No Man’s Sky is a first-person space exploration game developed by the small 16-man studio, ‘Hello Games’. Having only ever released the side-scrolling racing/platformer ‘Joe Danger’ games, No Man’s Sky was a huge shift from the studio’s base of experience, and an incredible up-scale in scope from anything they had previously attempted. The player awakens on a planet next to the busted shell of their crashed ship. Beyond them lies an enormous, procedurally-generated expanse filled with alien plant and animal life, and rock and mineral deposits, all harvestable for the base resources required to get your ship up and running again. One may find bodies of water, underground caves, outposts both abandoned or inhabited by intelligent lifeforms belonging to one of three alien races, as well as totems that teach you the various languages of the galaxy word by word, and strange monoliths or temples that will offer rewards or punishments to the player for the way they choose to interact with them. Mysterious robots called Sentinels patrol about, sometimes passively, other times aggressively depending on the planet you’re on. The first experience is both incredible and overwhelming, and yet simple to engage with and amazing in scope. You’ll likely spend hours mining mineral deposits dry just for the sake of it. You can sit down with a partner and enjoy the exploration as much as a viewer as you can as a participant, and this to date the only game that my girlfriend is happy to play with me and I with her, which made it a satisfying and enjoyable social experience despite there being no formal multiplayer element.

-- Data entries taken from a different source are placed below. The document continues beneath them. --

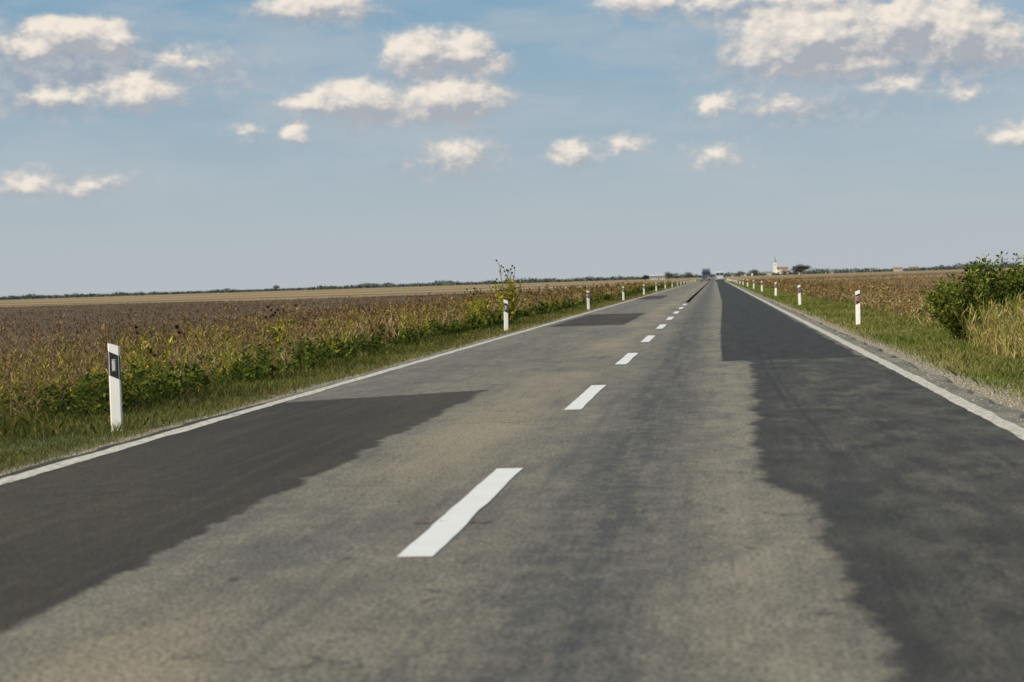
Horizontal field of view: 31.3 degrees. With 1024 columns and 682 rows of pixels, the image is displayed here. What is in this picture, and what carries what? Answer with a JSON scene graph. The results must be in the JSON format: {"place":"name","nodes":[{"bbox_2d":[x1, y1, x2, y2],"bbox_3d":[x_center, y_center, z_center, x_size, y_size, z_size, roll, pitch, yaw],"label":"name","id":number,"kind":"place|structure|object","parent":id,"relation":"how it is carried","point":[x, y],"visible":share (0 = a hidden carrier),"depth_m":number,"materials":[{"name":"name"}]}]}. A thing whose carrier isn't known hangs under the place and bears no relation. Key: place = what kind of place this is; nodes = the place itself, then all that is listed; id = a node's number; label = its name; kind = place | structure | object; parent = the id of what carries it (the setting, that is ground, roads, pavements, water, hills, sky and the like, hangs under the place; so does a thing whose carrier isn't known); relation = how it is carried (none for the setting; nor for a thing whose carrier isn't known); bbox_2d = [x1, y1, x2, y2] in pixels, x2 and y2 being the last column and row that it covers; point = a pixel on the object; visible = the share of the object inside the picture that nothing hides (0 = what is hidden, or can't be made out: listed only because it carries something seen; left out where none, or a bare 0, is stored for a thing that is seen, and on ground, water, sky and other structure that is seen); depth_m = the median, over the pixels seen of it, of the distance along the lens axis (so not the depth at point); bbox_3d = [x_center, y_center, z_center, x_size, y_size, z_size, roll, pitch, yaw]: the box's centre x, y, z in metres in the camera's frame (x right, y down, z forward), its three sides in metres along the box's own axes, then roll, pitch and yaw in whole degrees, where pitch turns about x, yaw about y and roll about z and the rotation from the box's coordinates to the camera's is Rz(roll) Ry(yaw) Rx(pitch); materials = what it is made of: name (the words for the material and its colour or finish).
{"place":"outdoors","nodes":[
{"label":"outdoors","id":0,"kind":"place"},
{"bbox_2d":[0,282,691,473],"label":"verge grass","id":1,"kind":"structure","parent":0,"point":[21,426],"depth_m":22.23,"materials":[{"name":"green plant"}]},
{"bbox_2d":[0,277,1023,681],"bbox_3d":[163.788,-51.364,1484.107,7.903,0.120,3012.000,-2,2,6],"label":"road","id":2,"kind":"structure","parent":0,"point":[718,481],"depth_m":9.36,"materials":[{"name":"grey asphalt"}]},
{"bbox_2d":[416,521,490,523],"bbox_3d":[-0.307,0.950,9.585,0.400,0.001,0.088,-2,2,6],"label":"road crack","id":3,"kind":"object","parent":2,"relation":"on","point":[470,522],"visible":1,"depth_m":9.59,"materials":[{"name":"black asphalt"}]},
{"bbox_2d":[0,300,1023,474],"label":"loose gravel","id":4,"kind":"structure","parent":2,"relation":"on","point":[966,384],"depth_m":22.32,"materials":[{"name":"grey gravel"}]},
{"bbox_2d":[397,278,712,556],"bbox_3d":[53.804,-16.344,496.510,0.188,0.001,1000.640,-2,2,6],"label":"line dashes","id":5,"kind":"object","parent":2,"relation":"on","point":[438,535],"visible":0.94,"depth_m":10.30,"materials":[{"name":"white paint"}]},
{"bbox_2d":[700,275,707,281],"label":"car","id":6,"kind":"object","parent":2,"relation":"on","point":[705,277],"visible":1,"depth_m":435.77,"materials":[{"name":"paint"}]},
{"bbox_2d":[701,268,710,280],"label":"truck","id":7,"kind":"object","parent":2,"relation":"on","point":[706,271],"visible":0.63,"depth_m":552.44,"materials":[{"name":"blue paint"}]},
{"bbox_2d":[714,271,724,281],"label":"van","id":8,"kind":"object","parent":2,"relation":"on","point":[720,275],"visible":0.98,"depth_m":414.57,"materials":[{"name":"grey paint"}]},
{"bbox_2d":[727,282,1023,439],"bbox_3d":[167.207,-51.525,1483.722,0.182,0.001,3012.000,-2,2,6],"label":"edge line","id":9,"kind":"object","parent":2,"relation":"on","point":[1015,429],"visible":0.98,"depth_m":19.28,"materials":[{"name":"paint"}]},
{"bbox_2d":[0,267,1023,475],"bbox_3d":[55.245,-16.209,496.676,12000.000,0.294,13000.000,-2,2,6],"label":"ground","id":10,"kind":"structure","parent":0,"point":[235,297],"depth_m":170.29,"materials":[{"name":"green plant"}]},
{"bbox_2d":[108,343,122,431],"bbox_3d":[-3.890,0.513,17.976,0.124,0.990,0.090,-2,2,4],"label":"guide post","id":11,"kind":"object","parent":10,"relation":"on","point":[114,368],"visible":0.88,"depth_m":17.94,"materials":[{"name":"white plastic"}]},
{"bbox_2d":[124,325,180,375],"bbox_3d":[-5.468,0.274,27.878,0.802,1.036,0.522,-3,2,-24],"label":"flowering plant","id":12,"kind":"object","parent":10,"relation":"on","point":[168,346],"visible":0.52,"depth_m":27.81,"materials":[{"name":"green plant"}]},
{"bbox_2d":[0,291,535,377],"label":"field stubble","id":13,"kind":"object","parent":10,"relation":"on","point":[204,307],"visible":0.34,"depth_m":117.33,"materials":[{"name":"brown plant"}]},
{"bbox_2d":[264,306,295,350],"bbox_3d":[-4.897,-0.166,38.817,0.763,1.222,0.718,-2,2,6],"label":"flowering plant","id":14,"kind":"object","parent":10,"relation":"on","point":[277,331],"visible":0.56,"depth_m":38.68,"materials":[{"name":"green plant"}]},
{"bbox_2d":[0,280,673,428],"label":"dry weeds","id":15,"kind":"object","parent":10,"relation":"on","point":[395,310],"visible":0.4,"depth_m":37.67,"materials":[{"name":"brown plant"}]},
{"bbox_2d":[0,280,675,420],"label":"green weeds","id":16,"kind":"object","parent":10,"relation":"on","point":[156,382],"visible":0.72,"depth_m":27.10,"materials":[{"name":"green plant"}]},
{"bbox_2d":[466,282,493,315],"bbox_3d":[-1.008,-1.152,57.506,0.908,1.423,0.556,0,3,49],"label":"flowering plant","id":17,"kind":"object","parent":10,"relation":"on","point":[481,299],"visible":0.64,"depth_m":57.48,"materials":[{"name":"green plant"}]},
{"bbox_2d":[504,300,508,329],"bbox_3d":[-0.154,-0.606,48.465,0.124,0.990,0.090,-1,1,2],"label":"guide post","id":18,"kind":"object","parent":10,"relation":"on","point":[506,326],"visible":0.86,"depth_m":48.43,"materials":[{"name":"white plastic"}]},
{"bbox_2d":[492,260,522,324],"bbox_3d":[-0.121,-1.474,55.891,0.956,2.065,0.600,-2,2,-8],"label":"flowering plant","id":19,"kind":"object","parent":10,"relation":"on","point":[511,300],"visible":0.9,"depth_m":55.85,"materials":[{"name":"green plant"}]},
{"bbox_2d":[0,261,1023,299],"bbox_3d":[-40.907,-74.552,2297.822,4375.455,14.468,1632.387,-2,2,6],"label":"distant tree line","id":20,"kind":"object","parent":10,"relation":"on","point":[525,280],"visible":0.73,"depth_m":2565.14,"materials":[{"name":"green plant"}]},
{"bbox_2d":[586,290,589,308],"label":"guide post","id":21,"kind":"object","parent":10,"relation":"on","point":[588,301],"visible":0.87,"depth_m":79.05,"materials":[{"name":"white plastic"}]},
{"bbox_2d":[649,274,664,279],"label":"warehouse","id":22,"kind":"structure","parent":10,"relation":"on","point":[656,277],"depth_m":1491.22,"materials":[{"name":"paint"}]},
{"bbox_2d":[747,269,757,276],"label":"tree","id":23,"kind":"object","parent":10,"relation":"on","point":[753,271],"visible":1,"depth_m":1486.27,"materials":[{"name":"green plant"}]},
{"bbox_2d":[773,258,788,273],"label":"church","id":24,"kind":"structure","parent":10,"relation":"on","point":[776,269],"depth_m":2817.38,"materials":[{"name":"white paint"}]},
{"bbox_2d":[798,285,800,304],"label":"guide post","id":25,"kind":"object","parent":10,"relation":"on","point":[799,294],"visible":0.87,"depth_m":74.88,"materials":[{"name":"white plastic"}]},
{"bbox_2d":[790,264,811,275],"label":"tree","id":26,"kind":"object","parent":10,"relation":"on","point":[800,268],"visible":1,"depth_m":1184.70,"materials":[{"name":"green plant"}]},
{"bbox_2d":[855,290,860,324],"bbox_3d":[8.433,-0.752,44.556,0.124,0.990,0.090,-1,1,15],"label":"guide post","id":27,"kind":"object","parent":10,"relation":"on","point":[858,307],"visible":0.88,"depth_m":44.52,"materials":[{"name":"white plastic"}]},
{"bbox_2d":[745,271,1021,323],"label":"dry weeds","id":28,"kind":"object","parent":10,"relation":"on","point":[833,290],"visible":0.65,"depth_m":128.06,"materials":[{"name":"brown plant"}]},
{"bbox_2d":[920,261,1023,340],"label":"shrub","id":29,"kind":"object","parent":10,"relation":"on","point":[946,296],"visible":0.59,"depth_m":33.00,"materials":[{"name":"green plant"}]},
{"bbox_2d":[946,251,1023,306],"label":"shrub","id":30,"kind":"object","parent":10,"relation":"on","point":[981,267],"visible":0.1,"depth_m":34.17,"materials":[{"name":"green plant"}]},
{"bbox_2d":[980,291,1023,347],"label":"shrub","id":31,"kind":"object","parent":10,"relation":"on","point":[1000,304],"visible":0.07,"depth_m":29.82,"materials":[{"name":"green plant"}]},
{"bbox_2d":[0,0,1023,298],"label":"sky","id":32,"kind":"structure","parent":0,"point":[146,146],"materials":[{"name":"blue"}]},
{"bbox_2d":[728,280,1023,405],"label":"verge grass","id":33,"kind":"structure","parent":0,"point":[884,322],"depth_m":34.03,"materials":[{"name":"green plant"}]},
{"bbox_2d":[917,293,938,320],"bbox_3d":[11.136,-0.876,47.116,1.613,0.970,1.365,-2,2,-15],"label":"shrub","id":34,"kind":"object","parent":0,"point":[919,310],"visible":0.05,"depth_m":46.97,"materials":[{"name":"green plant"}]},
{"bbox_2d":[870,288,1023,357],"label":"tall grass","id":35,"kind":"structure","parent":0,"point":[1004,337],"depth_m":28.35,"materials":[{"name":"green plant"}]}
]}

Once you gather enough resources to repair your ship and regain the means with which to lift off, you can either fly around the planet exploring further and further afield, or take a seamless journey off-world and into the local system, traversing from planet to planet without loading screens, unlocking story missions, gathering more resources to trade or craft components for your ship, fight space pirates or becomes a space pirate yourself or even leave that system entirely and explore other planetary systems. The core feature of the gameplay here is exploration, and it’s important to understand this before you decide to buy, because those expecting to be allowed to blast their way across the galaxy are going to be sorely disappointed with No Man’s Sky’s relatively passive intentions.
Also the space combat is shit.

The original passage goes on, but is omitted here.